I'm reluctant to say "it depends," but legal expense for a true seed round varies dramatically based on:
1. Whether the investment is structured as a priced equity round vs. convertible debt (or variations on that theme such as "SAFE")
2. Number and location of investors, timing of closing(s), and prior angel investing experience
3. Company counsel's efficiency and fluency in industry norms
4. "Deferred maintenance" necessary in areas like corporate formation, founders' equity issuance and IP assignments.
#4 is the item that takes many entrepreneurs by surprise.
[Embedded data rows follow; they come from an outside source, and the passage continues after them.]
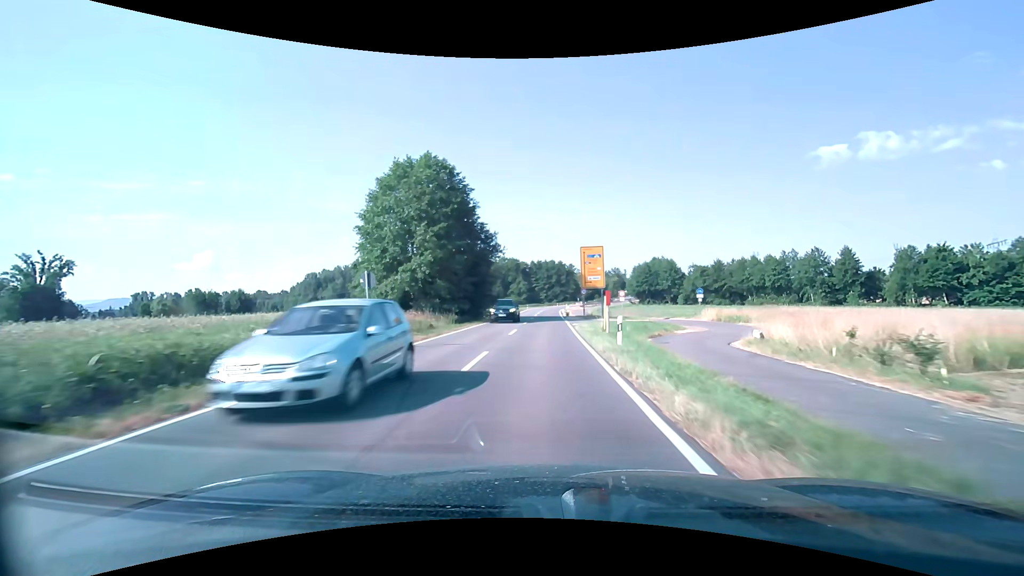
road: secondary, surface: asphalt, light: Day
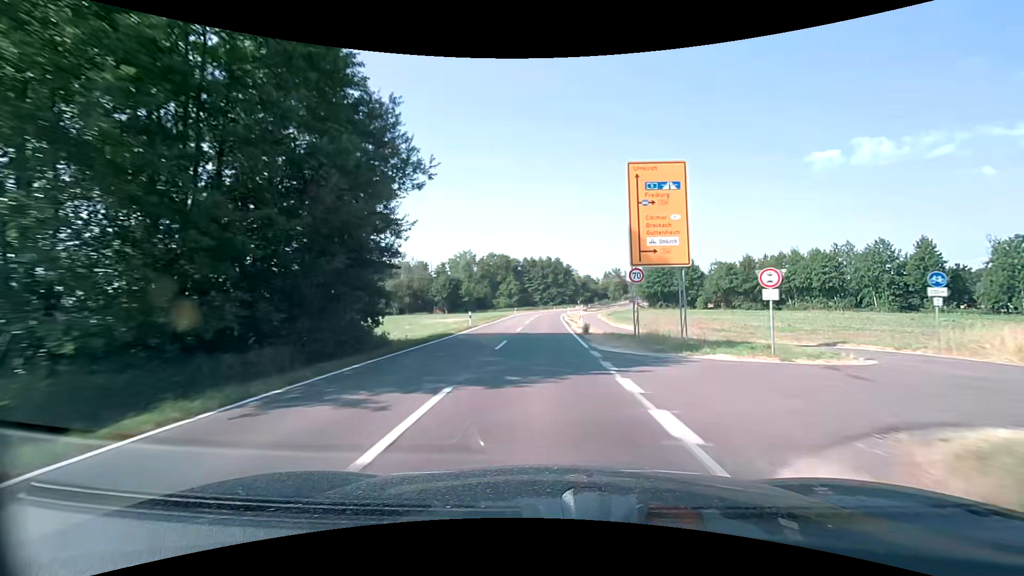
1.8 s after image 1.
(+0.1, +30.1) m; +1°
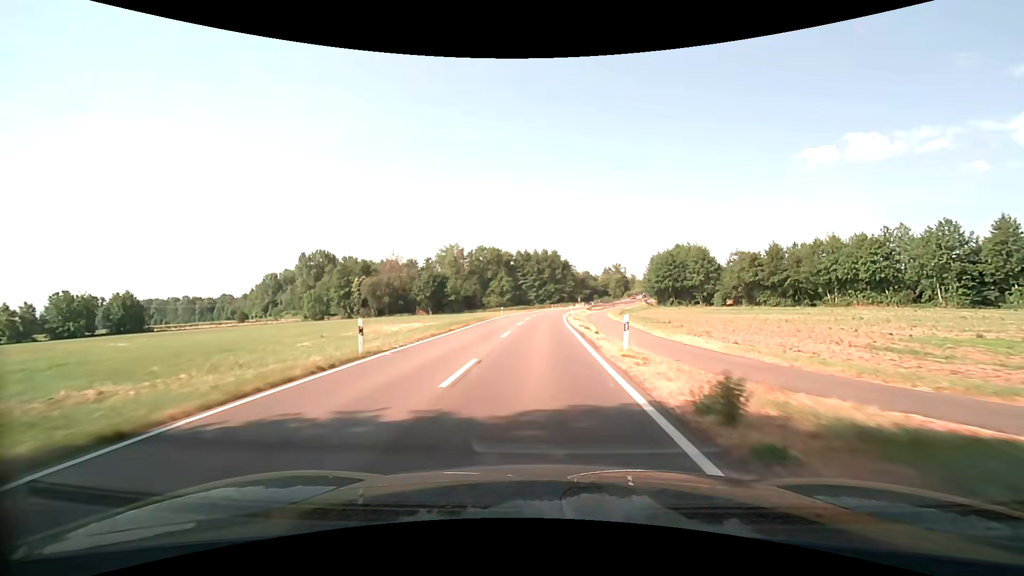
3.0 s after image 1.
(+0.1, +20.0) m; 0°
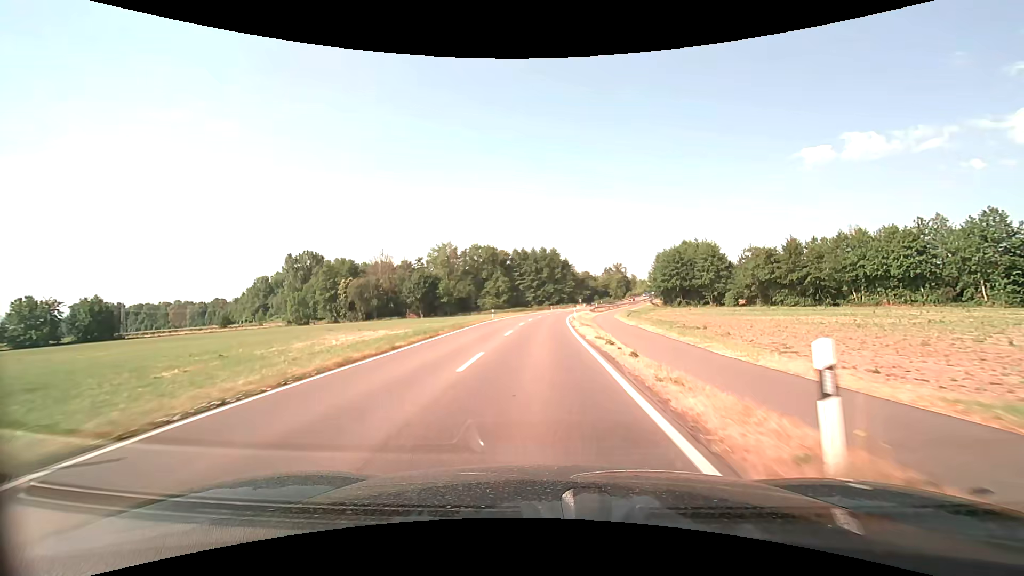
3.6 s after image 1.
(0.0, +10.0) m; 0°
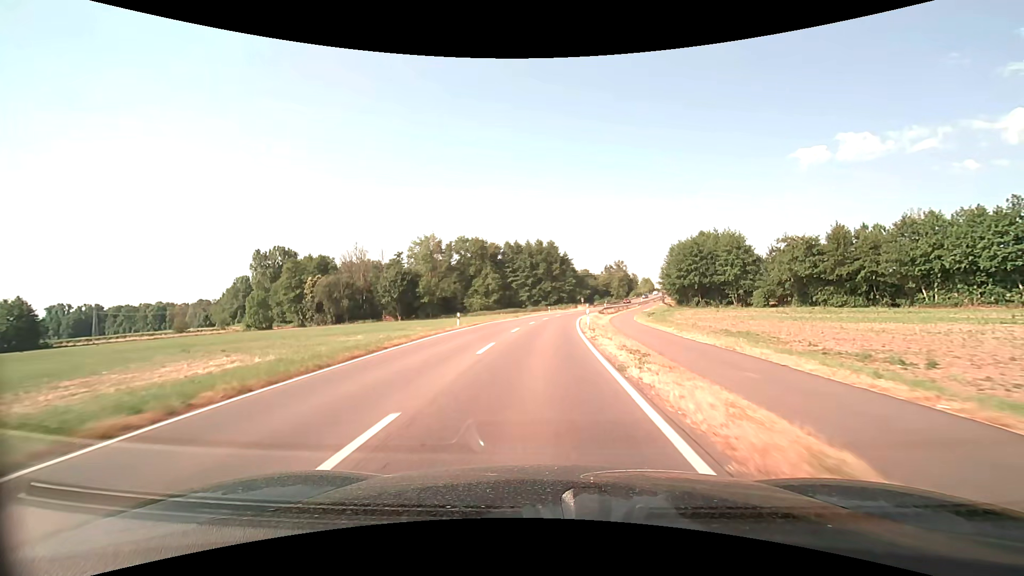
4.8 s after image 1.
(+0.1, +20.0) m; 0°
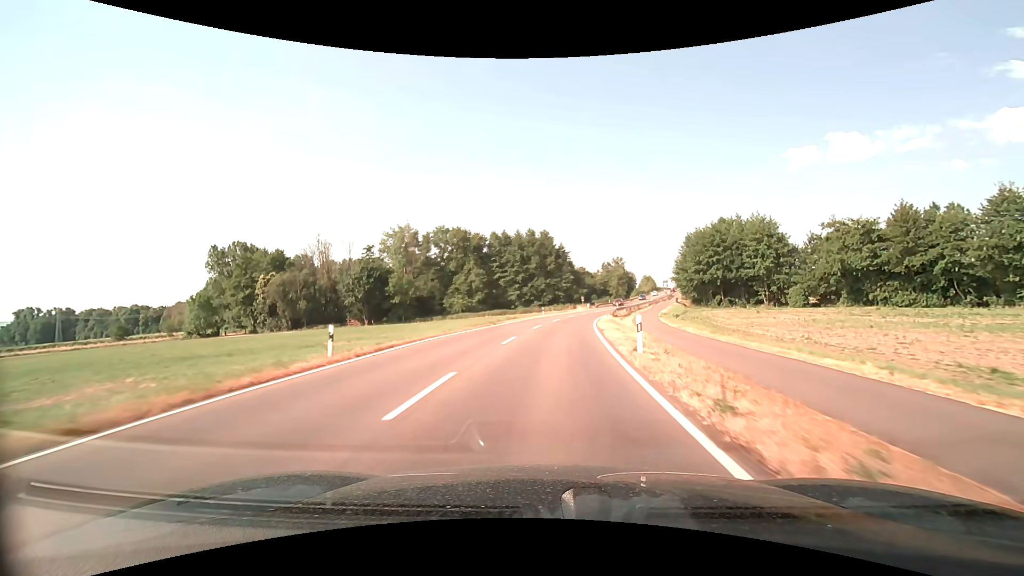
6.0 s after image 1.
(+0.1, +20.1) m; 0°
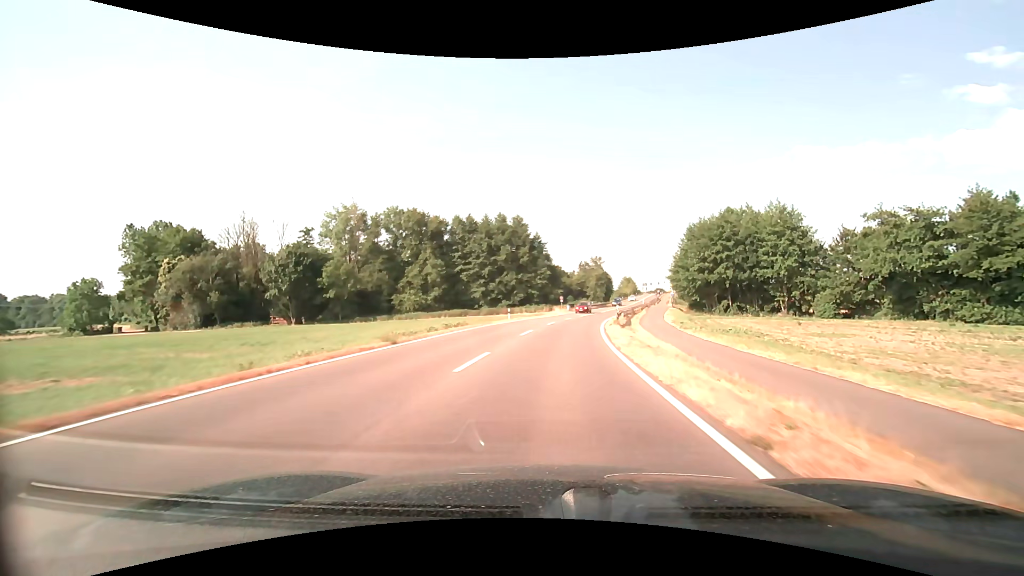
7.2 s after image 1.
(+0.5, +20.0) m; +3°
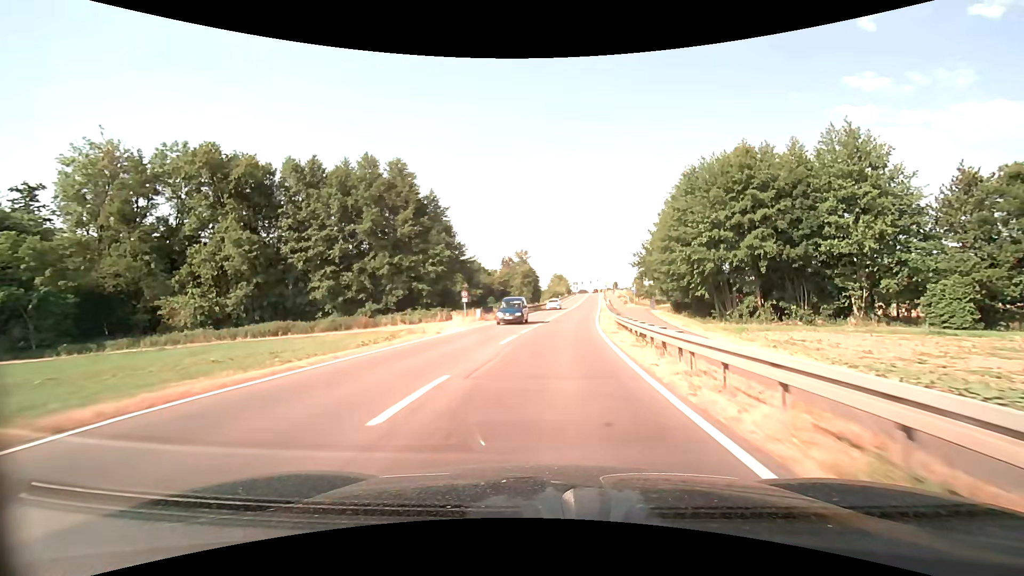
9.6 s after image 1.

On the investor side, it leads otherwise very savvy observers to give unrealistically low estimates of legal expense because they assume starting from a clean slate. This item is also most resistant to automation or standardization because startups come into being many different ways; each story is unique.
I would put the lowest estimate at around $3K, assuming the company is already formed as a Delaware corporation with clean, basic documents, has issued founders' stock and handled related IP and other matters, and simply needs to issue a convertible note to one or two accredited investors with minimal negotiation of documents.
The highest I would expect for a true "seed round" is about $15K, where some corporate cleanup is needed, the deal is structured as a streamlined kind of preferred equity (e.g., Series Seed), there are multiple closings with investors on different dates and terms, etc. Beyond that point we're really in "Series A" territory, doing things like creating a full set of VC preferred stock investment documents (about 100 pages), negotiating with investors' counsel (at the company's expense), and so forth. The expense and complexity of a traditional Series A deal have been the main impetus behind using convertible debt or Series Seed-type documents for seed-stage investments of less than $1 million or so in recent years.
I hope this proves helpful. Always happy to chat and answer further questions.